View of overton house offices of Barnwood Trust from the lawns.

We spoke to Barnwood’s new Chair, Colin Smith

Colin Smith began his new role as Chair of Trustees for Barnwood on 21st May. We took the opportunity to talk with Colin about this role and what it means to him.

Please could you introduce yourself, tell us about your background and experience ?

Hello, yes of course. I am a Chartered Surveyor. I qualified in the 1970s and worked in boPhoto of Colinth the public and private sector in Gloucestershire, Somerset and London. In the 1980s, when I was the Gloucestershire Deputy District Valuer, and then again in the 1990s during my time as a partner with Bruton Knowles, I came across Barnwood Trust when some of its land became part of what is now Abbeydale and Abbeymead and of course the Barnwood business park estate development.

My ‘hands on’ involvement with Barnwood Trust began in 2017 as a Governor. This was my first step into direct experience in the charity sector.

What made you want to get involved with Barnwood Trust? 

I’ve lived and worked in Gloucestershire and enjoyed all it has to offer for nearly 50 years. I am committed to doing whatever I can to help make it a better place for everyone.
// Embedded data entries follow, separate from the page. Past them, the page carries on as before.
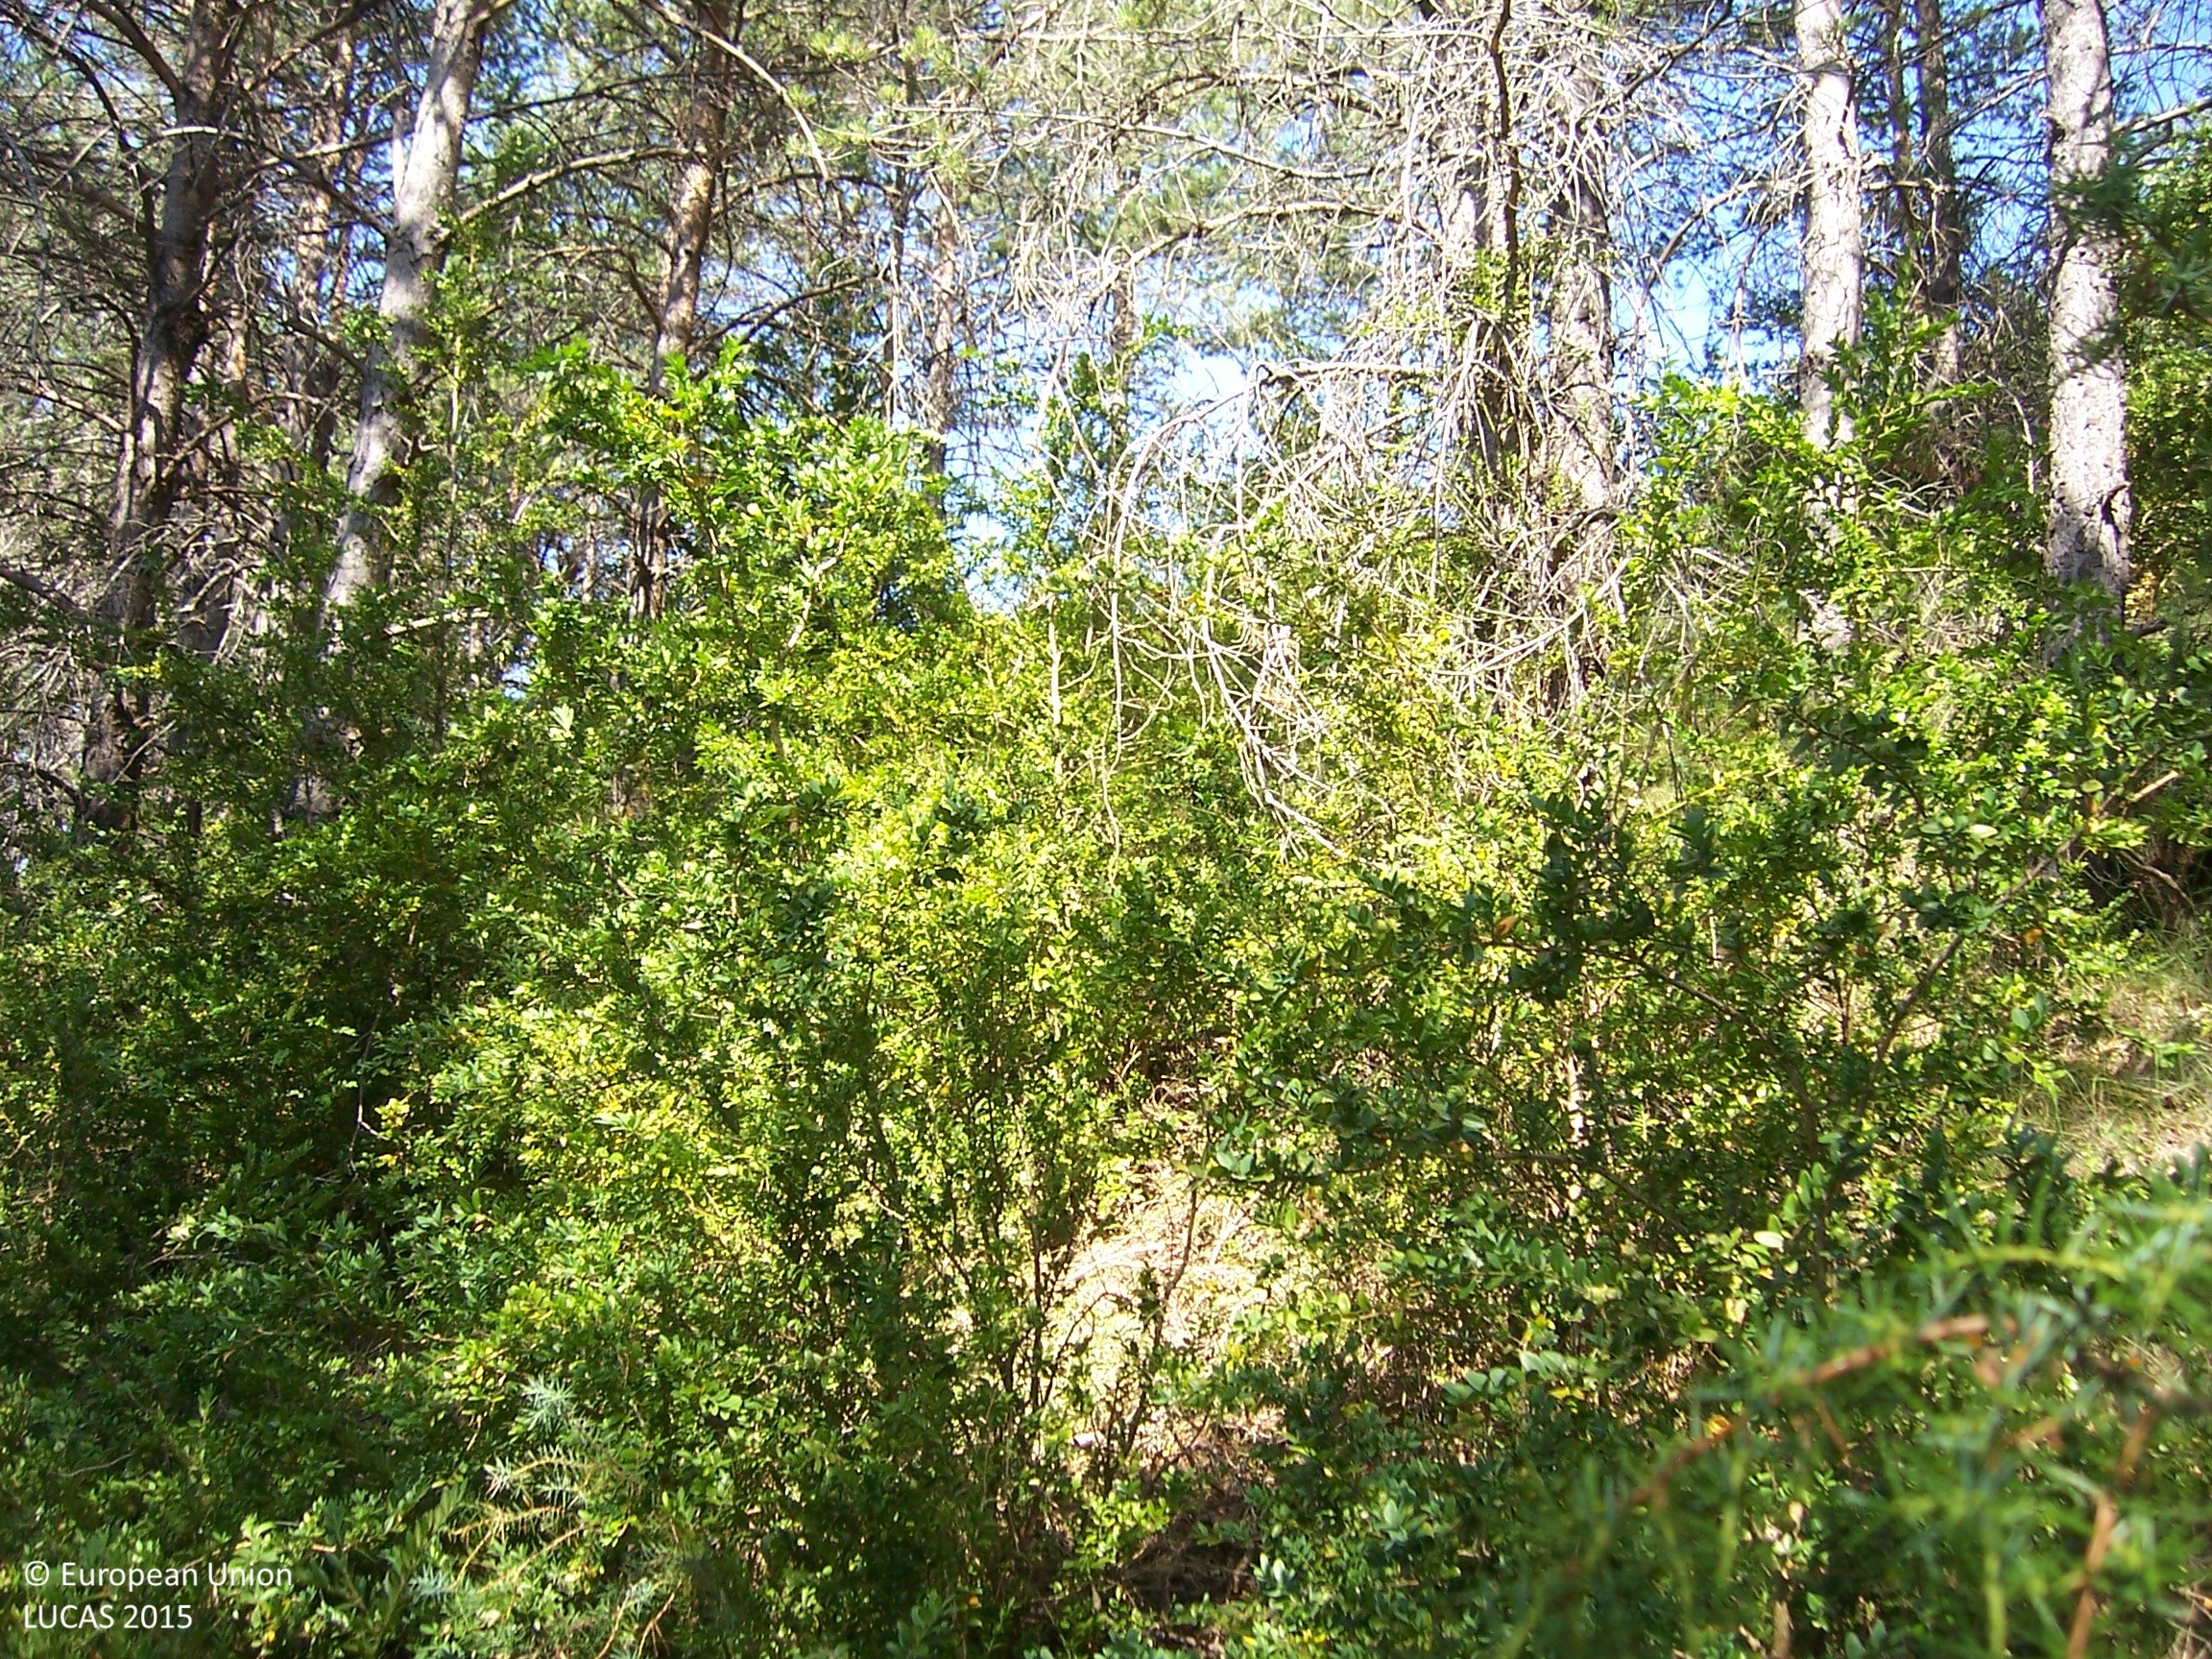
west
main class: Woodland
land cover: Pine dominated coniferous woodland
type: coniferous forest of the mediterranean region
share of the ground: > 75 %
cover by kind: coniferous forest trees 100 %
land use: Forestry
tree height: > 5 m
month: July
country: ES
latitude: 42.7631
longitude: -1.1663
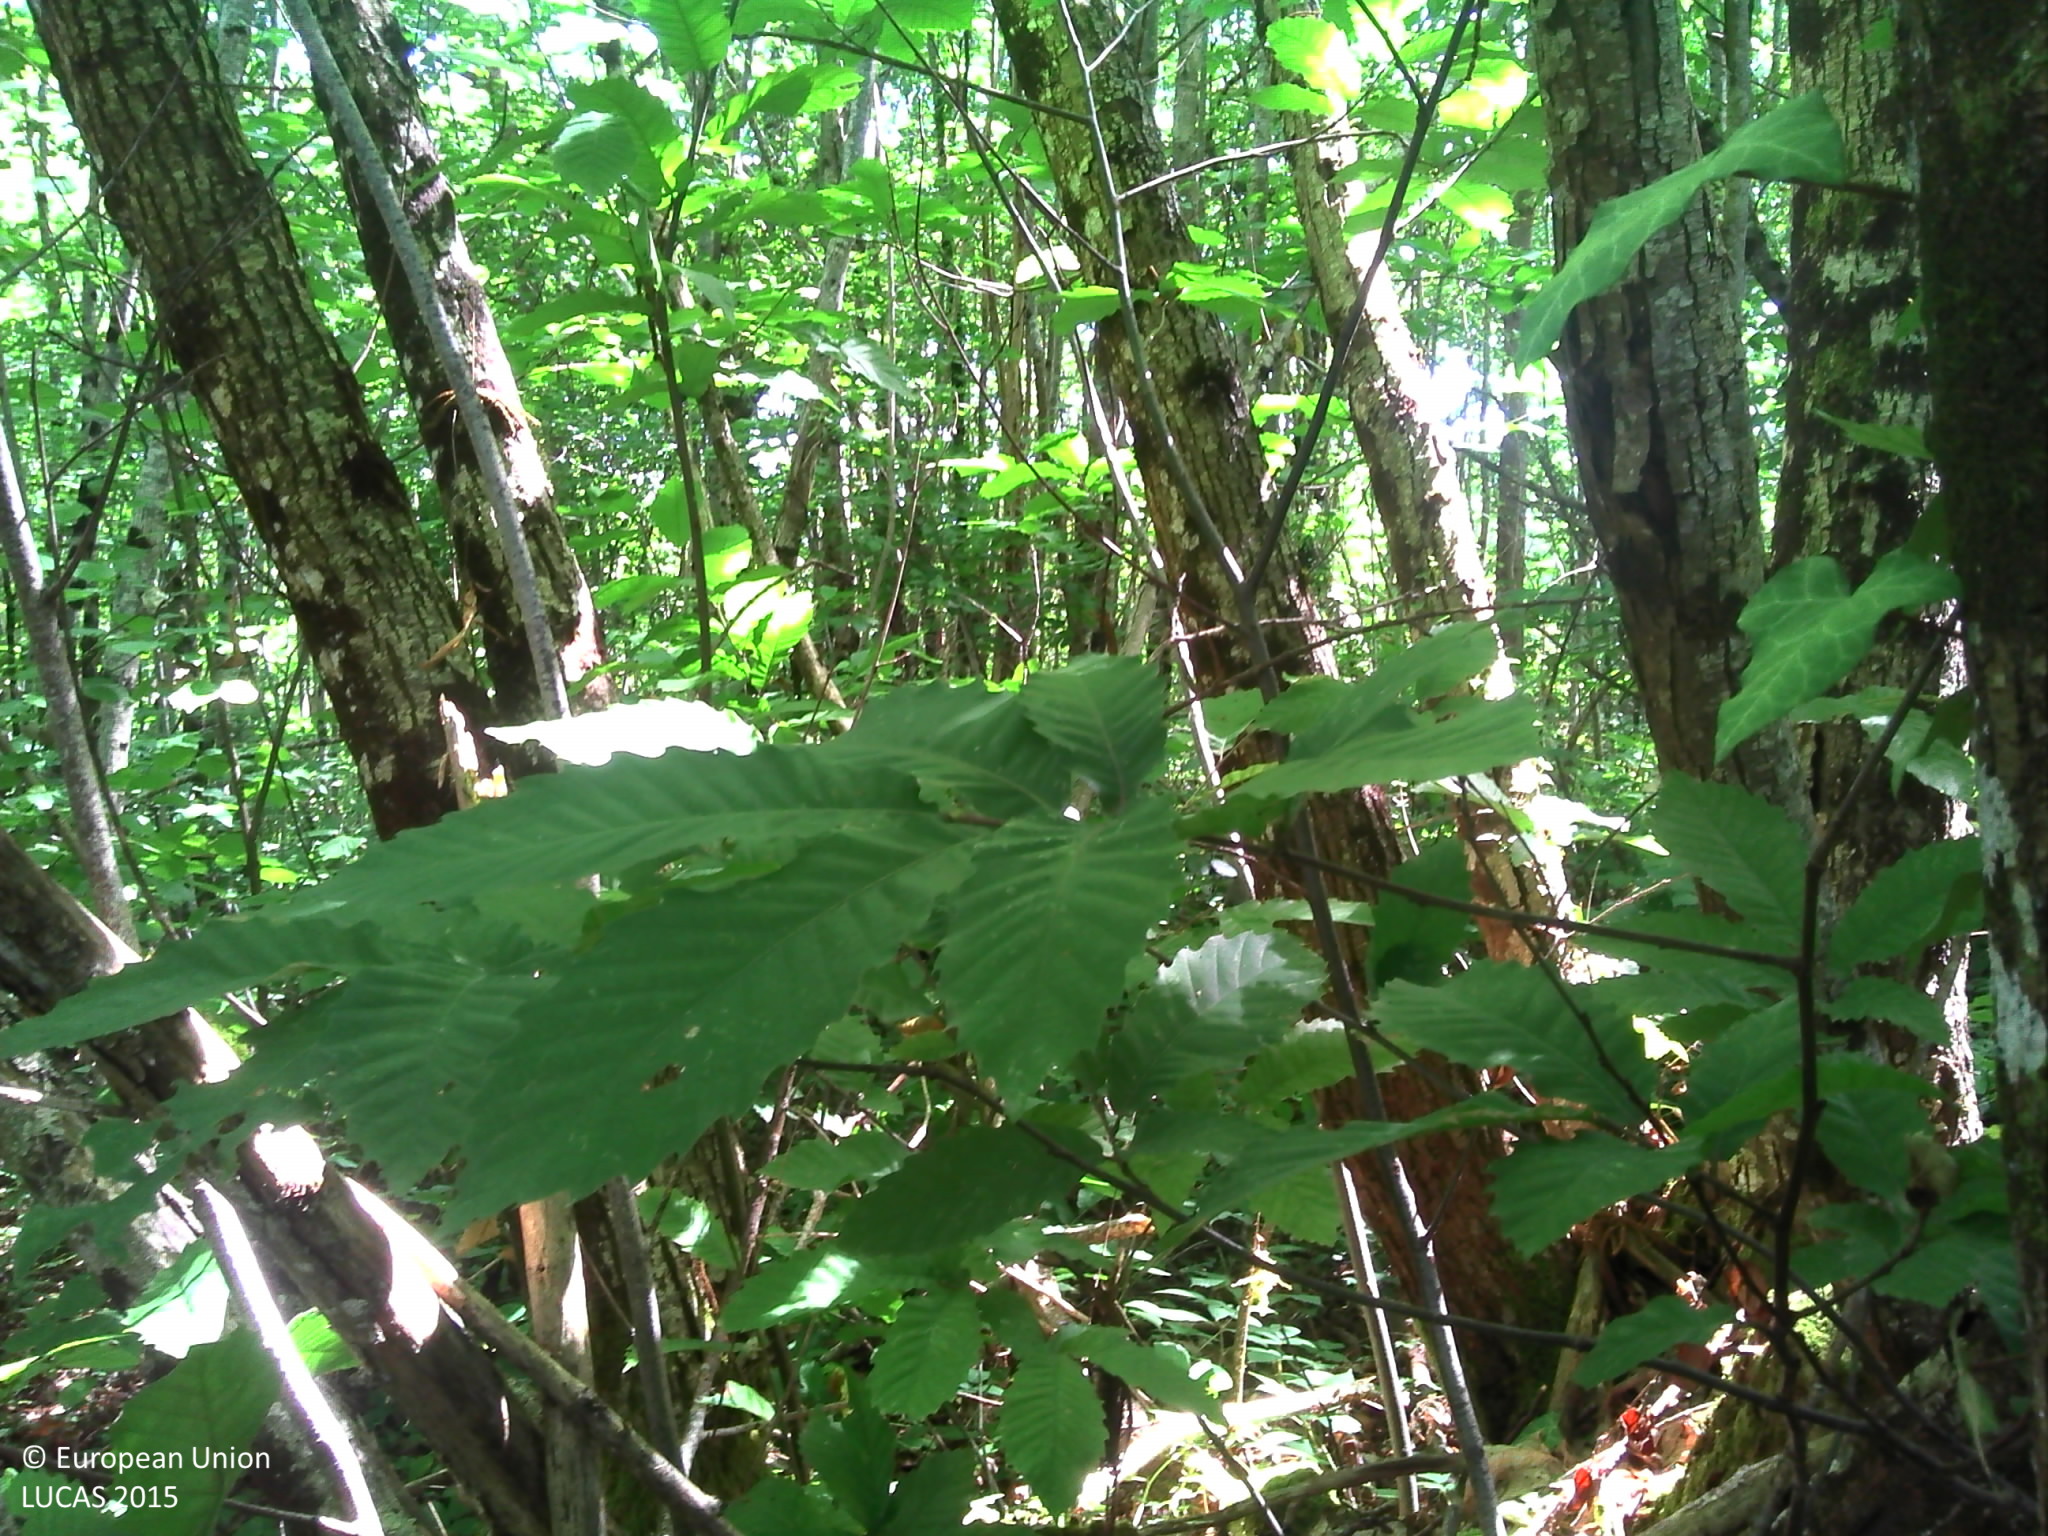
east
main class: Woodland
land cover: Broadleaved woodland
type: mesophytic deciduous forest
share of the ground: > 75 %
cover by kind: broadleaved forest trees 70 %, shrubs 10 %, herbaceous plants 10 %, consolidated bare surface 10 %
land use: Forestry
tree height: > 5 m
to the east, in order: Broadleaved woodland; Fences; Grassland without tree/shrub cover; Broadleaved woodland; Fences; Broadleaved woodland; Grassland without tree/shrub cover
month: August
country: FR
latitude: 45.2229
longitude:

The Trust has significant assets, a highly motivated professional team and the ability to identify and interpret data about need in the county and to understand impact. Barnwood Trust is uniquely placed in terms of what it can provide and enable, working alongside disabled people and people with mental health conditions and other organisations which provide support. Actions to ensure the Trust’s funds are distributed and applied to best effect is immensely rewarding.

Can you say more about the role you have played at Barnwood Trust?

To begin with, my Trustee role was focussed on the development proposals for the Manor Gardens site in Barnwood Road Gloucester. In early 2020, having finally secured planning permission for a specialist disability and community living development, the Board decided to sell the site. This decision to not undertake the development ‘in-house’ was due to both the extent to which Trust resources would be committed to the project and the immediate challenges and the significant impact which arose from the Covid pandemic. As is often the way with development schemes, the sale has taken a considerable time to finalise, but I am pleased to say it has now completed.

Since early 2023, I have chaired Barnwood Trust’s newly created Funding Committee with a focus on supporting organisations which serve disabled people and people with mental health conditions in the county, and facilitating partner organisations to give grants to individuals effectively on the Trust’s behalf.

As Chair of Trustees, I see my role as helping enable the Board in its leadership of the strategic direction of the Trust over the next few years, as well as ensuring continued sound governance.

Have there been any key learnings in your time with the Trust?

During 2021 and 2022, I contributed to the report which the Trust prepared on its late 18th and early 19th Century history about its connections with the slave trade, which included links to people who benefitted financially from the inhuman trade and were financially compensated when abolition was secured. Thinking about the role of Barnwood Trust today in responding to inequalities and injustices experienced as a legacy of our national history is an important priority for the Trust.

Research undertaken into Barnwood’s origins also provided insights into the aspirations of the day to ‘provide’ for the ‘mentally ill’. Barnwood Hospital (as it then was) practice and approaches were at the forefront of change on how those who experienced mental health conditions were helped and treated during the 19th and early 20th century. This commitment and boldness is, in some ways, foundational for what Barnwood Trust is today – creating and supporting positive change in the face of significant challenge.

What is the value of Barnwood’s work in Gloucestershire and beyond?

I believe the Trust shares and contributes thought leadership to evolve best practice in many aspects if its work. Notable examples include Barnwood’s expertise in involving people with lived experience, interpreting data, effective grant funding, and ethical and social enterprise investment. And Barnwood actively participates with national organisations, such as the Association of Charitable Foundations. In doing so Gloucestershire benefits from Barnwood’s experience and learning, with an emphasis on collaboration to identify and resource changes needed.

What are your hopes for your role as Barnwood’s Chair?

I would like to see us maintain and develop our activities so that a wide range of disabled people and people with mental health conditions benefit from what the Trust does.

A part of this, in my role, is to champion and develop the highly motivated and talented Barnwood Trust team.

It is a welcome challenge for me to build on the significant progress and achievements of the Trust during Ann Santry’s time as Chair – along with the team and the rest of my colleagues on the Board, I am absolutely committed to do my best for the task ahead.